> **EXERCISE OBJECTIVE**:
Find every line in the material below with the string "longitude" and state how many there are, with no other text.
● ● ●
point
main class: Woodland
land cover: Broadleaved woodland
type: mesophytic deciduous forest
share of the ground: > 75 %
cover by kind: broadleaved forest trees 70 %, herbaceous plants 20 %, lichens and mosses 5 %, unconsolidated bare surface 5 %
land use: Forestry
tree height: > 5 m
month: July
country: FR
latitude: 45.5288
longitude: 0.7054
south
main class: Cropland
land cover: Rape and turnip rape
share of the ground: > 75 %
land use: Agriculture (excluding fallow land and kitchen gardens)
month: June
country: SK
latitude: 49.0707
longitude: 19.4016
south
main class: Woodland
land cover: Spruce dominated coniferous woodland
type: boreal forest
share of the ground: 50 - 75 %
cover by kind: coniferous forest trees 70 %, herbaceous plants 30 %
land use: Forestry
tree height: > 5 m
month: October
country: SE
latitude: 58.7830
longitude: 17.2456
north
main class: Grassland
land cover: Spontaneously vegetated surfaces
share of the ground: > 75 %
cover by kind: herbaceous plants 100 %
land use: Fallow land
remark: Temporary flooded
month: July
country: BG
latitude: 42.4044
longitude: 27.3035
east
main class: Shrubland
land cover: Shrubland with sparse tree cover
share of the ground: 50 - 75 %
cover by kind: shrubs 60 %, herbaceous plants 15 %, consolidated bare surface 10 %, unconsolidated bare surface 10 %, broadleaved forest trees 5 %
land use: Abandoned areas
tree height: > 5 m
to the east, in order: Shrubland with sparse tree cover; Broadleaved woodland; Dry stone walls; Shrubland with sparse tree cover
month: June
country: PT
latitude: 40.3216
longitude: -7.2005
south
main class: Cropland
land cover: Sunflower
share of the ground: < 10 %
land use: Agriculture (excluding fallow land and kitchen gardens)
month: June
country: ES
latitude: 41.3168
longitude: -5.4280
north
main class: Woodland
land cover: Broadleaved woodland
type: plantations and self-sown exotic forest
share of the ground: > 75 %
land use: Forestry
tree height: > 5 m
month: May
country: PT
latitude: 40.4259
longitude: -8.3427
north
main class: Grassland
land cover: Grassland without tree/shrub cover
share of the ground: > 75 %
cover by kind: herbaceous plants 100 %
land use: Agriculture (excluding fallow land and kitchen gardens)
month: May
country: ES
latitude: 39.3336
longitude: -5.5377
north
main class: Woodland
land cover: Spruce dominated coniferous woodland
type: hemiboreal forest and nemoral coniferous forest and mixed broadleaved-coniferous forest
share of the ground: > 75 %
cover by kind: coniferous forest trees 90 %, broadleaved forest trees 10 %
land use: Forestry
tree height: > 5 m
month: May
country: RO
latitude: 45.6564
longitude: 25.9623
● ● ●
> **RESPONSE FOR THIS EXERCISE**:
9